• Records drawn from a dataset:
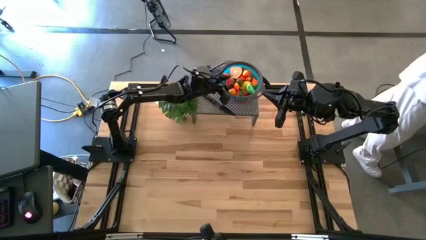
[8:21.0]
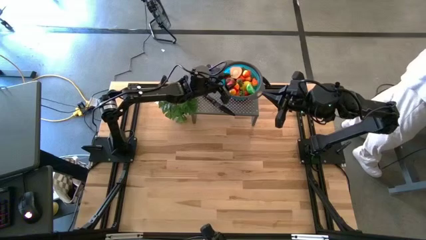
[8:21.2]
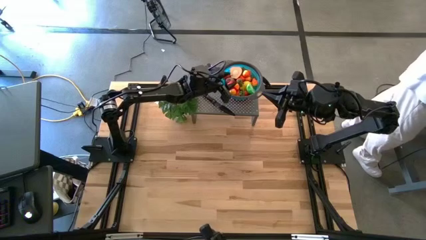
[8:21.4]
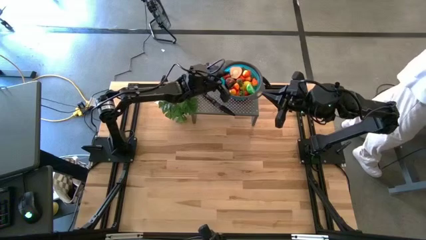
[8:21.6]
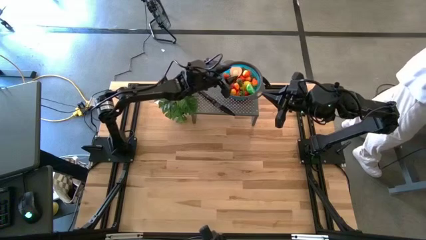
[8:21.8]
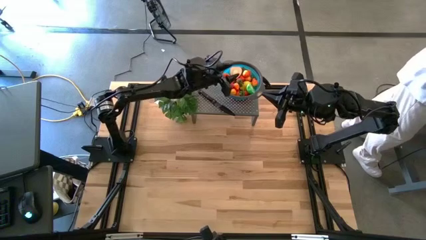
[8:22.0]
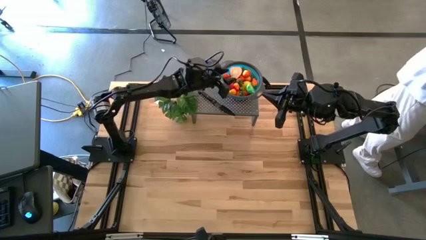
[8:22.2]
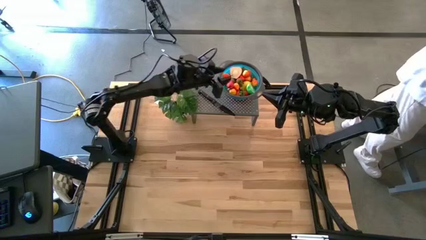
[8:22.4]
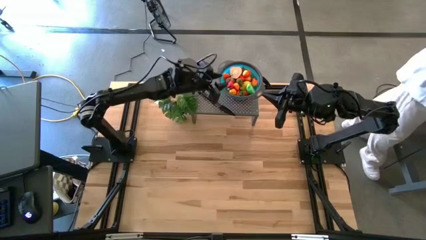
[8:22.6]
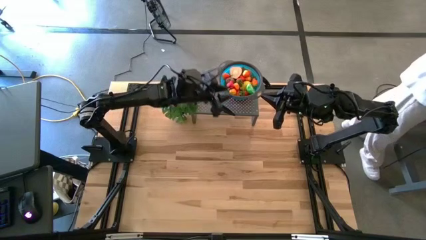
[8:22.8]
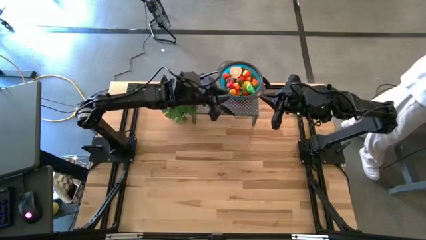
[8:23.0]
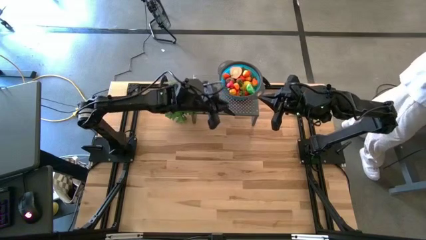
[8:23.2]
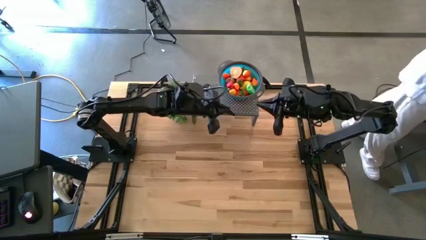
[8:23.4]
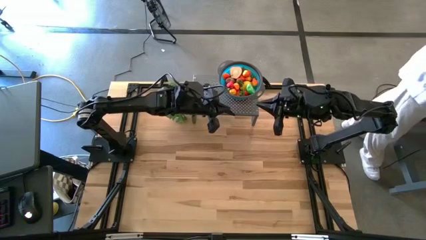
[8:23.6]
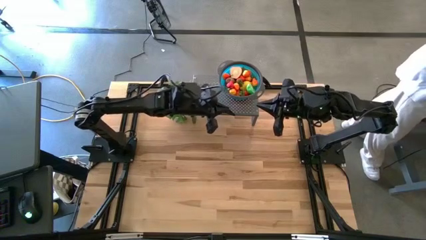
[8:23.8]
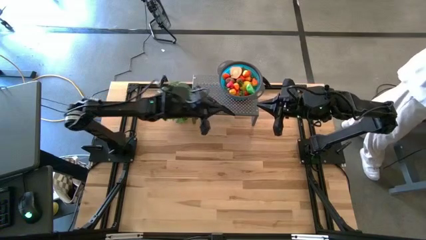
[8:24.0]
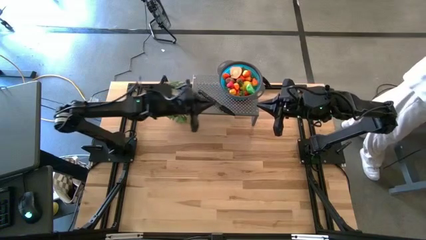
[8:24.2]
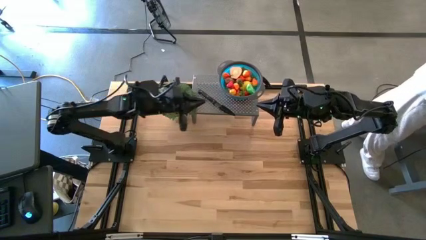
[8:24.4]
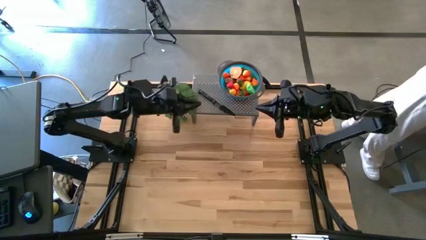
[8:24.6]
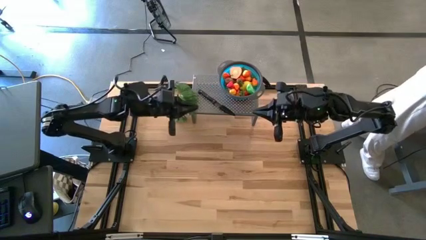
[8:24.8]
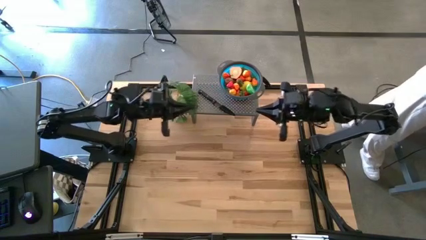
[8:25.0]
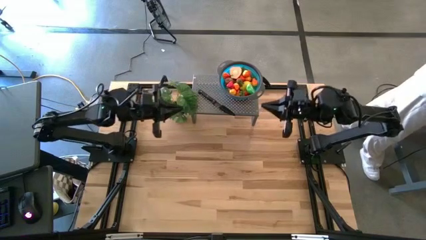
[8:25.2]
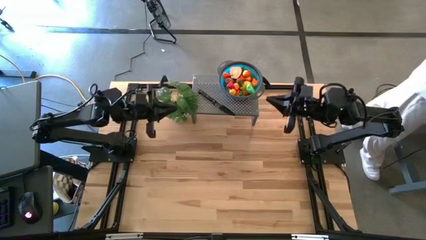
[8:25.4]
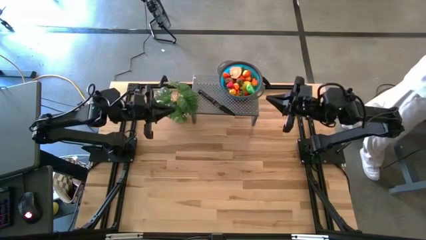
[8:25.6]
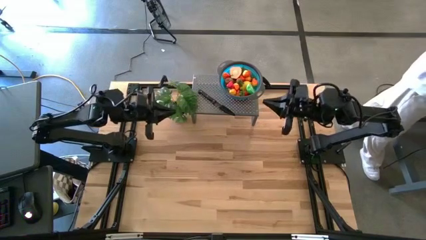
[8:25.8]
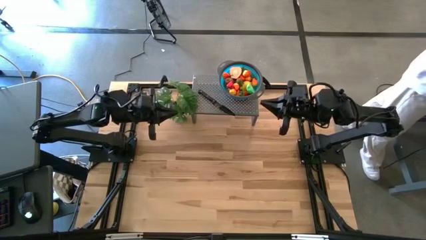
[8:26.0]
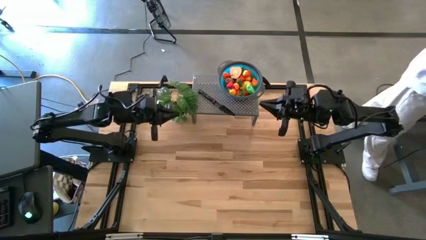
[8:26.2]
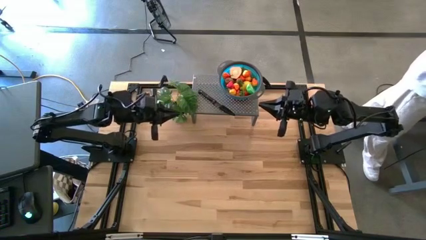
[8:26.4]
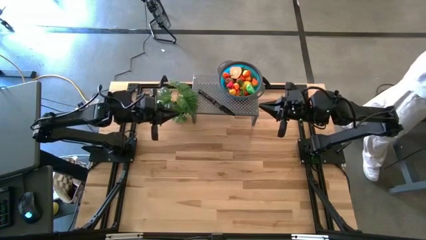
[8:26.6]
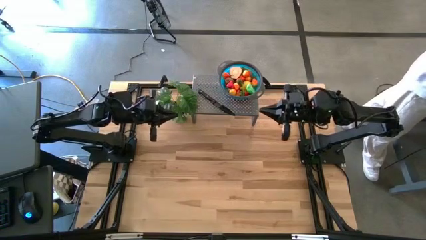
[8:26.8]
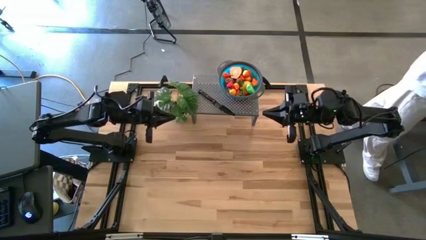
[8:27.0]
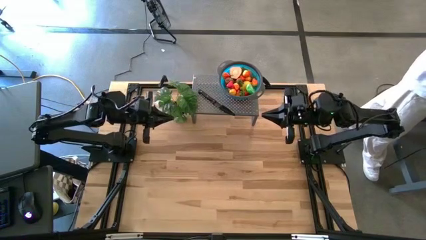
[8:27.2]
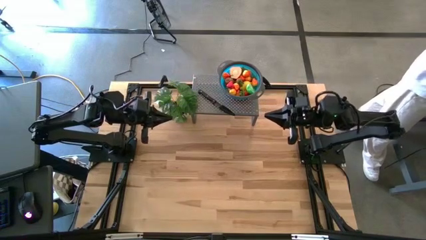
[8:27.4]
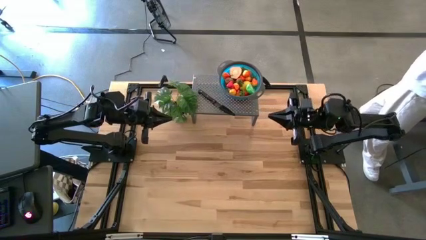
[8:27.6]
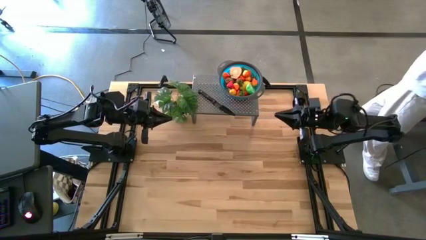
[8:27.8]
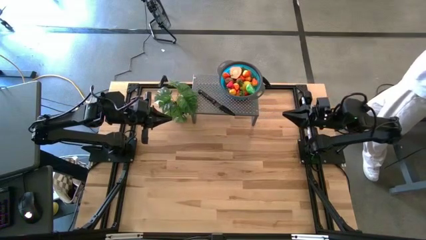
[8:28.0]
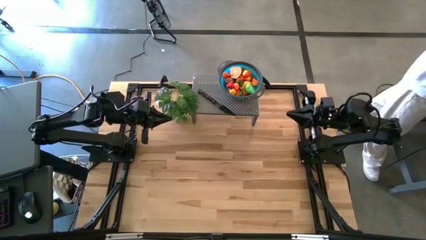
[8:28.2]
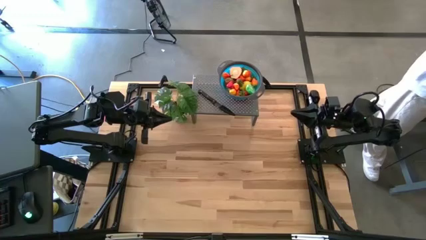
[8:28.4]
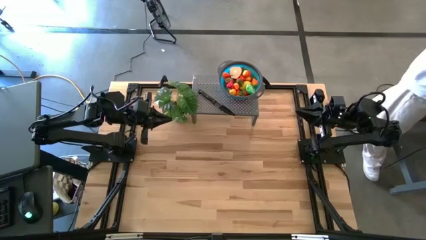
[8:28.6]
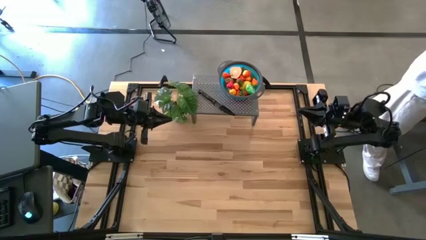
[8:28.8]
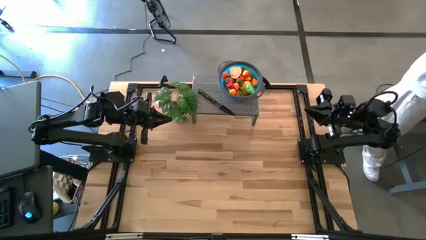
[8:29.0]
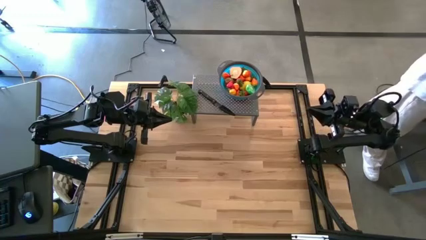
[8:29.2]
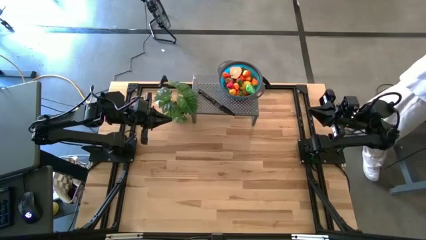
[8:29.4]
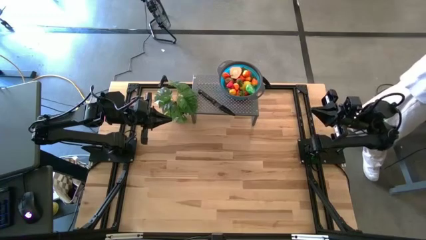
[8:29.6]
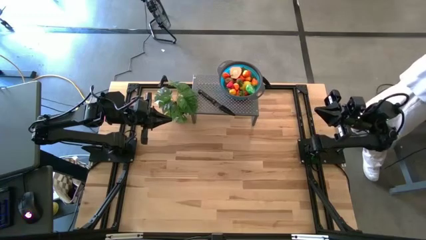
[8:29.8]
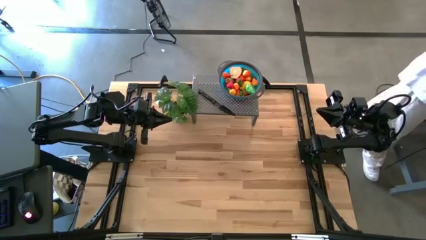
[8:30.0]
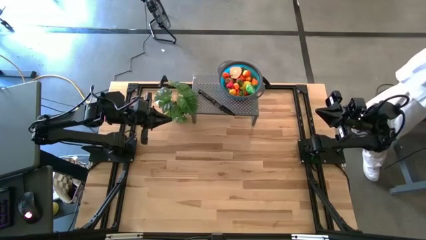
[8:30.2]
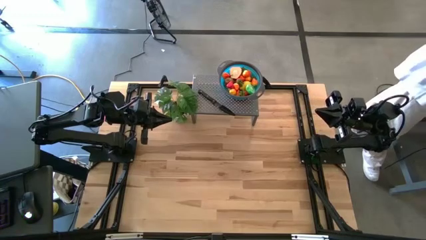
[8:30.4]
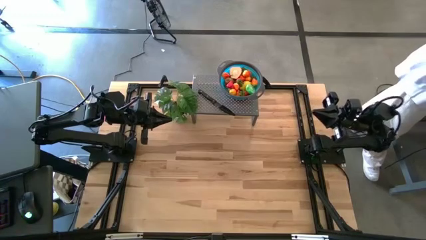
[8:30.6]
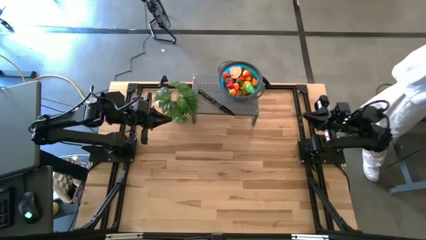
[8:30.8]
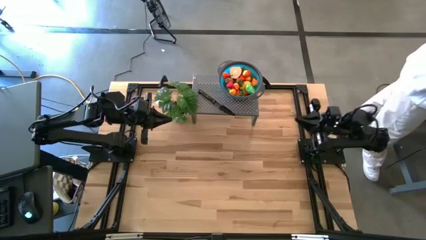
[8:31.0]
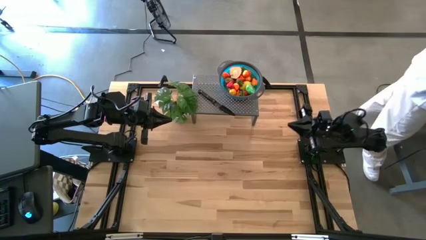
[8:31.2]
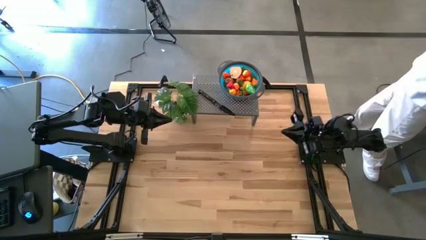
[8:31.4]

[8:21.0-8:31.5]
Task: Pick & Place Fruit
Return to Home Position

• What needs to be done: Exact copy, no pictures: reproduce every record as it stands.

• Exercise result:
[8:21.0]
[8:21.2]
[8:21.4]
[8:21.6]
[8:21.8]
[8:22.0]
[8:22.2]
[8:22.4]
[8:22.6]
[8:22.8]
[8:23.0]
[8:23.2]
[8:23.4]
[8:23.6]
[8:23.8]
[8:24.0]
[8:24.2]
[8:24.4]
[8:24.6]
[8:24.8]
[8:25.0]
[8:25.2]
[8:25.4]
[8:25.6]
[8:25.8]
[8:26.0]
[8:26.2]
[8:26.4]
[8:26.6]
[8:26.8]
[8:27.0]
[8:27.2]
[8:27.4]
[8:27.6]
[8:27.8]
[8:28.0]
[8:28.2]
[8:28.4]
[8:28.6]
[8:28.8]
[8:29.0]
[8:29.2]
[8:29.4]
[8:29.6]
[8:29.8]
[8:30.0]
[8:30.2]
[8:30.4]
[8:30.6]
[8:30.8]
[8:31.0]
[8:31.2]
[8:31.4]

[8:21.0-8:31.5]
Task: Pick & Place Fruit
Return to Home Position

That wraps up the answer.